Each line of the listing below that includes "kind" must be copied.

______

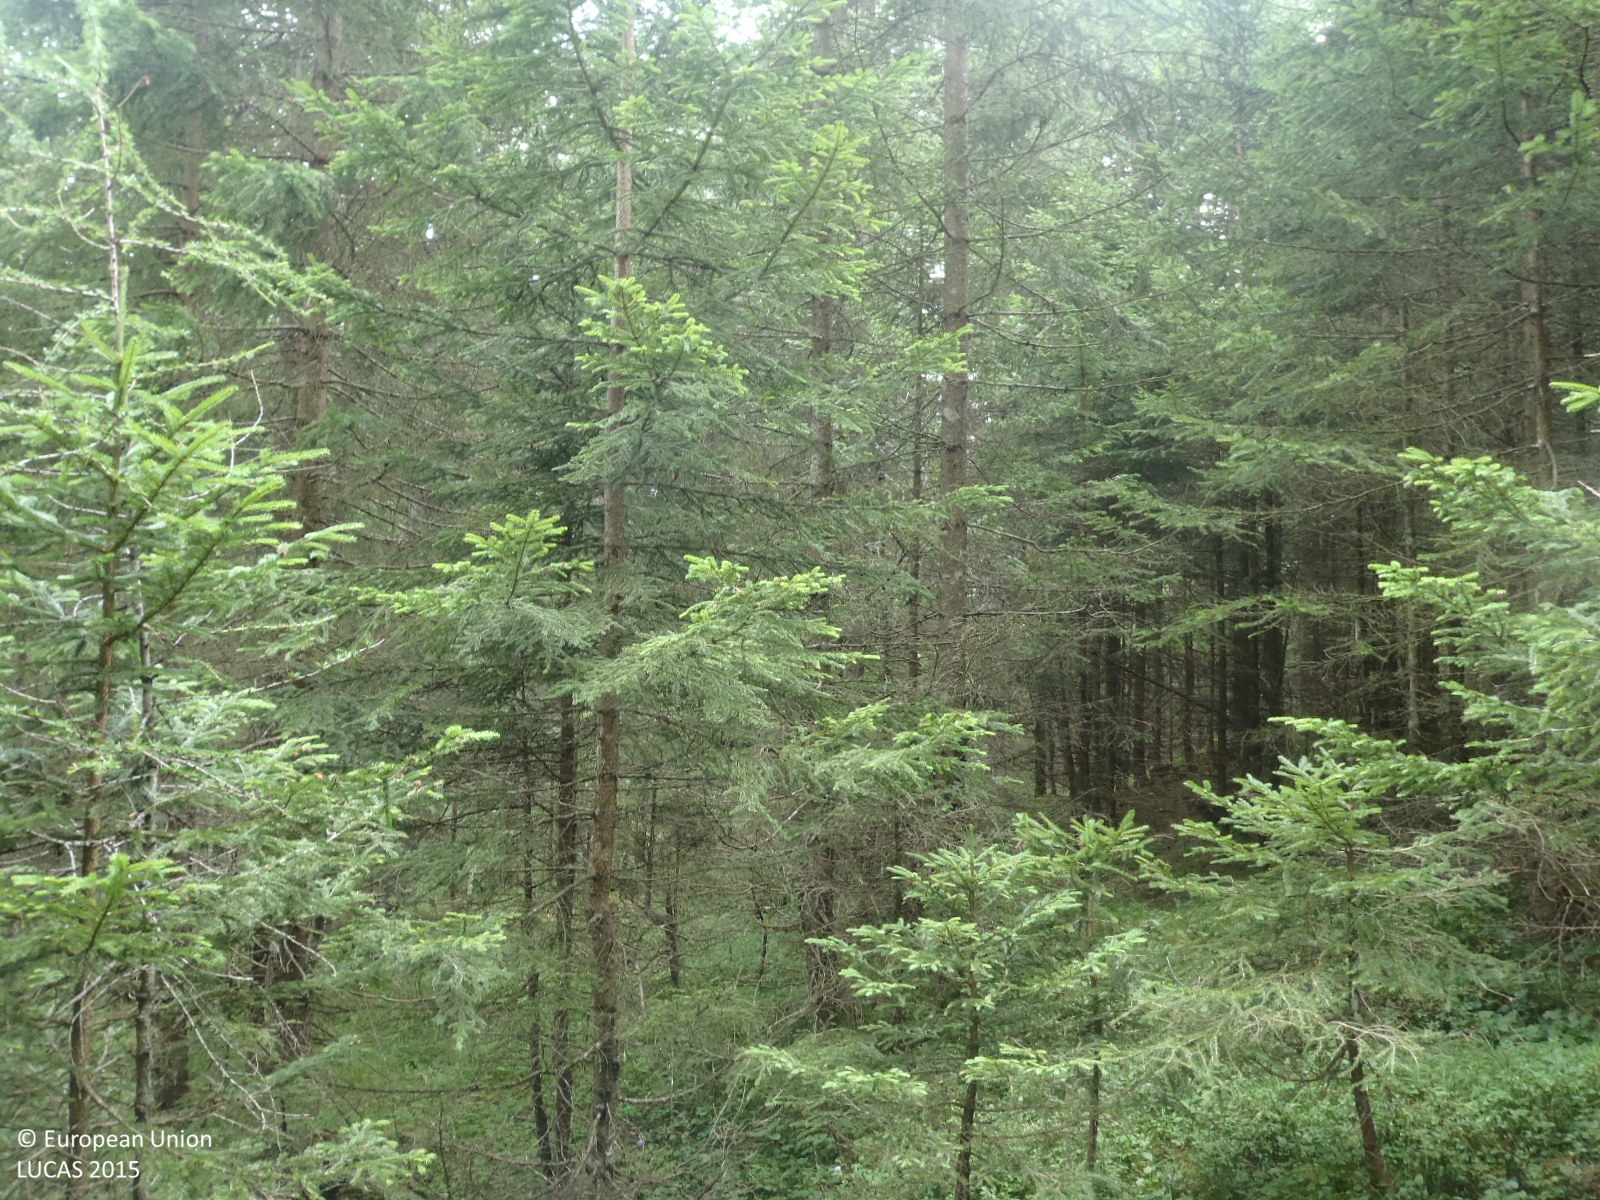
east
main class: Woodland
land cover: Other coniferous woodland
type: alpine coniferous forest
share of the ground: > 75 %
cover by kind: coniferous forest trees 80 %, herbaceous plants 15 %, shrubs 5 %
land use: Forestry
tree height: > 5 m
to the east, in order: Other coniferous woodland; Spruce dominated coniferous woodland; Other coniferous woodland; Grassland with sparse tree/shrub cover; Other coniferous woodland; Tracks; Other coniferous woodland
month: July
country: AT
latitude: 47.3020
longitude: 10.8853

______

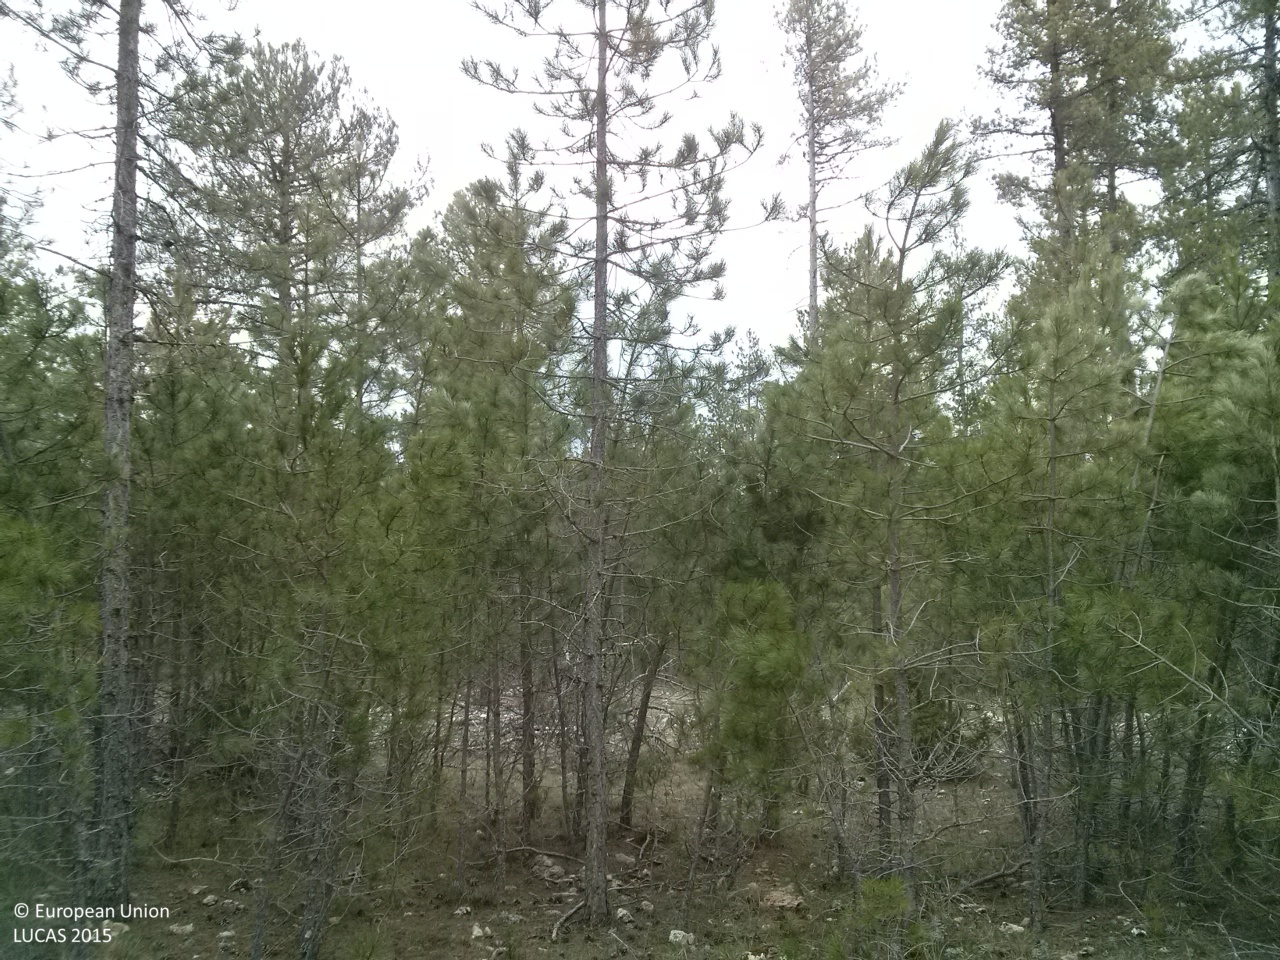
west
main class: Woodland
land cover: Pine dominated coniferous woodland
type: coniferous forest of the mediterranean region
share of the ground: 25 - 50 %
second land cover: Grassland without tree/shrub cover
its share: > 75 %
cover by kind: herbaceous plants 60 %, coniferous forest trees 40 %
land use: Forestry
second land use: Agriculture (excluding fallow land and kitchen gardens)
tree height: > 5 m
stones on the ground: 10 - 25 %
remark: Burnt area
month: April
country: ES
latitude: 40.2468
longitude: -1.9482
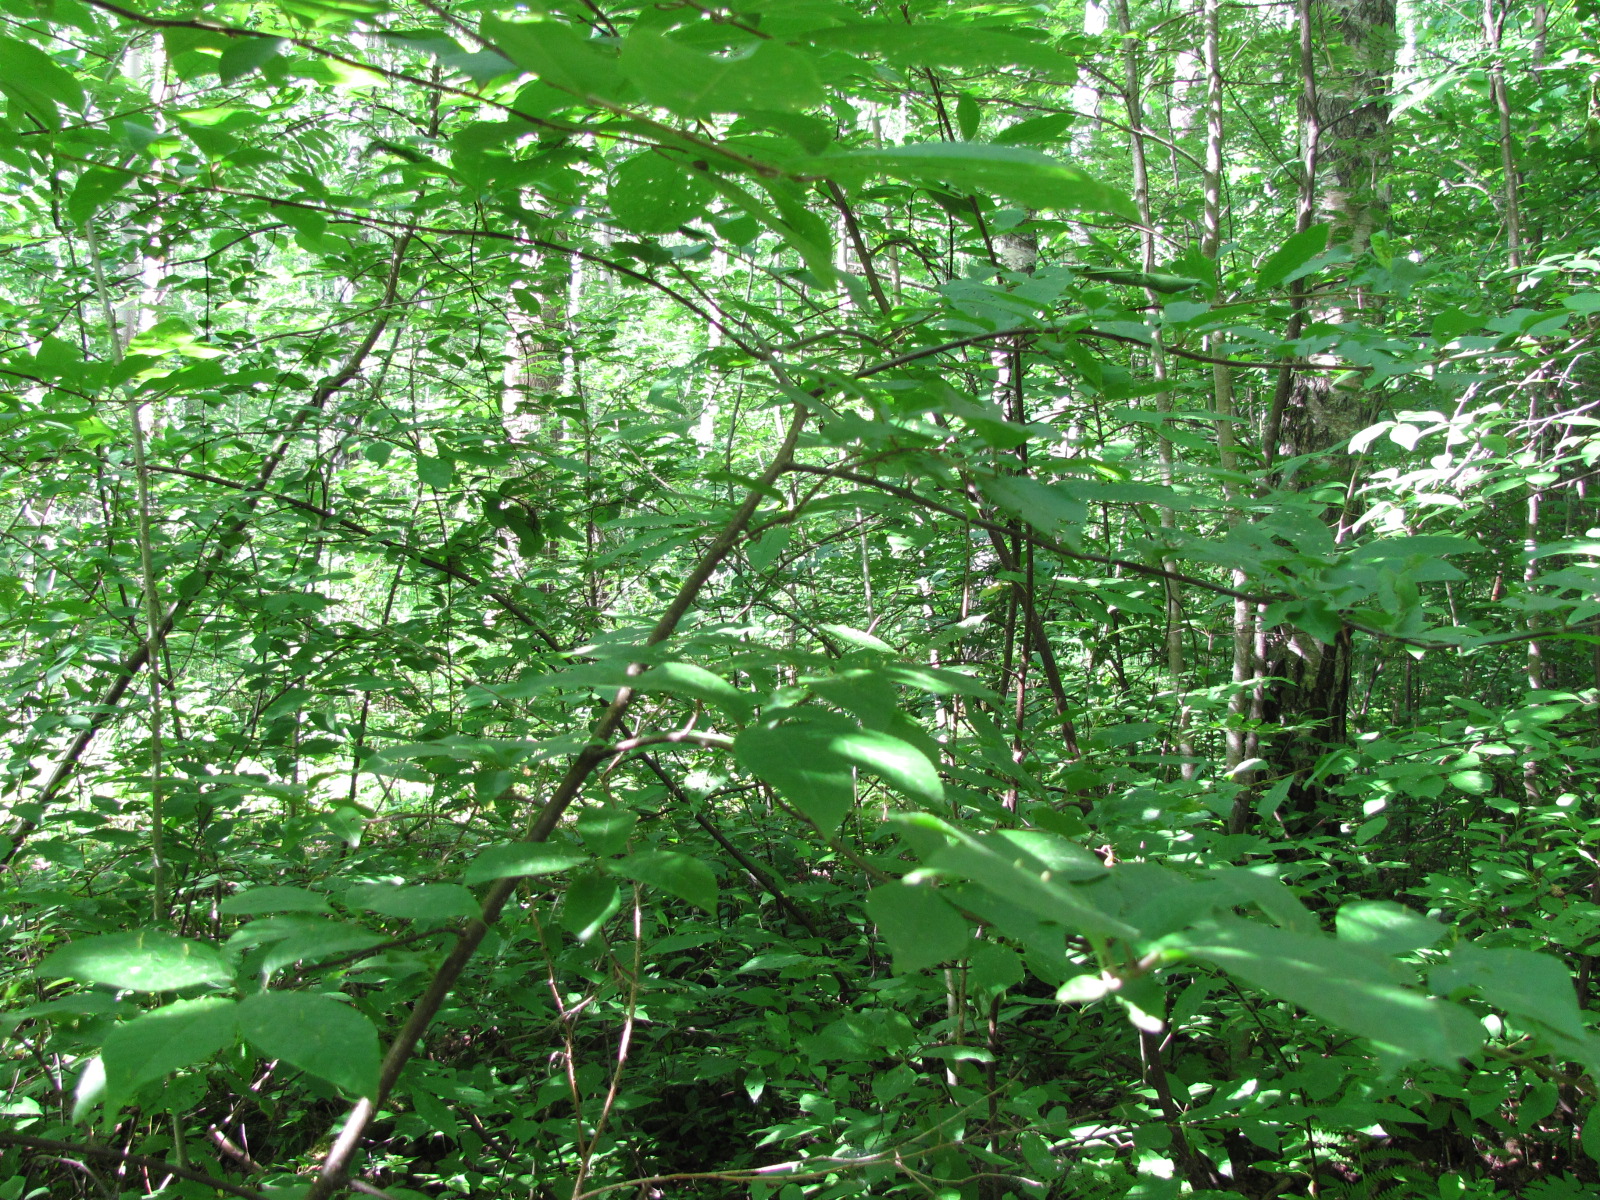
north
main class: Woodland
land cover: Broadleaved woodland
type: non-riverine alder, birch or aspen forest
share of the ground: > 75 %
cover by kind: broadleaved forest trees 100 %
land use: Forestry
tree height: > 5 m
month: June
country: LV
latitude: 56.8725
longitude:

______

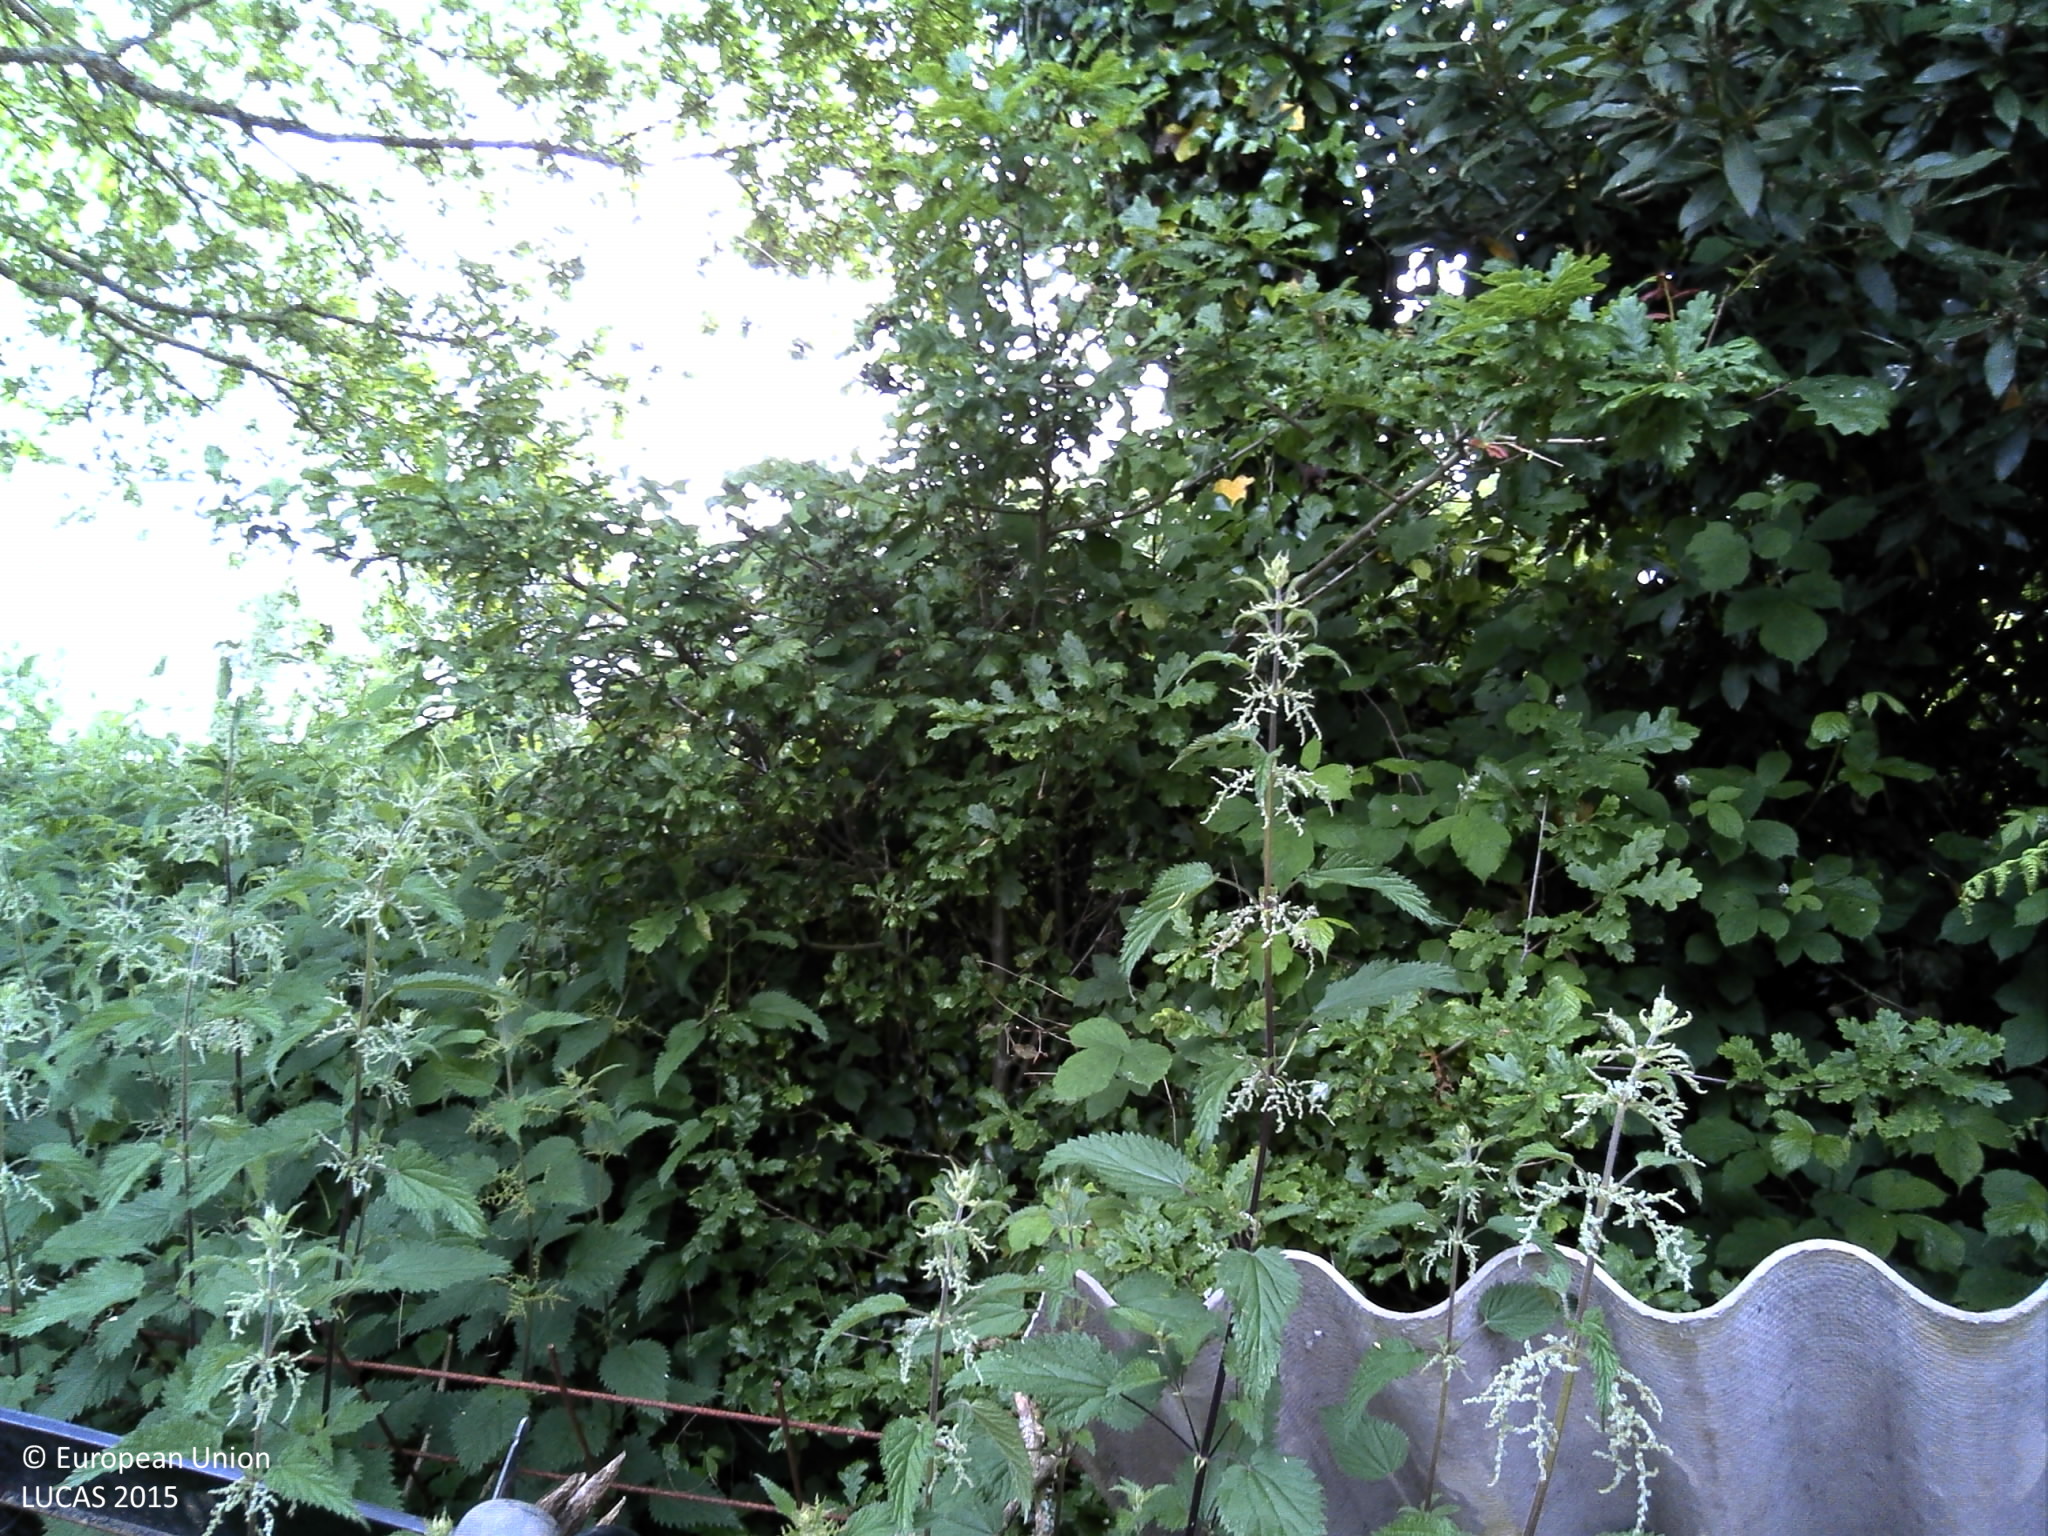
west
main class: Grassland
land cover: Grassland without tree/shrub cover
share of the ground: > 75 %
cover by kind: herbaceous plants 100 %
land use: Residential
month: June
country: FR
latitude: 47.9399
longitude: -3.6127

______

> Expected answer:
cover by kind: coniferous forest trees 80 %, herbaceous plants 15 %, shrubs 5 %
cover by kind: herbaceous plants 60 %, coniferous forest trees 40 %
cover by kind: broadleaved forest trees 100 %
cover by kind: herbaceous plants 100 %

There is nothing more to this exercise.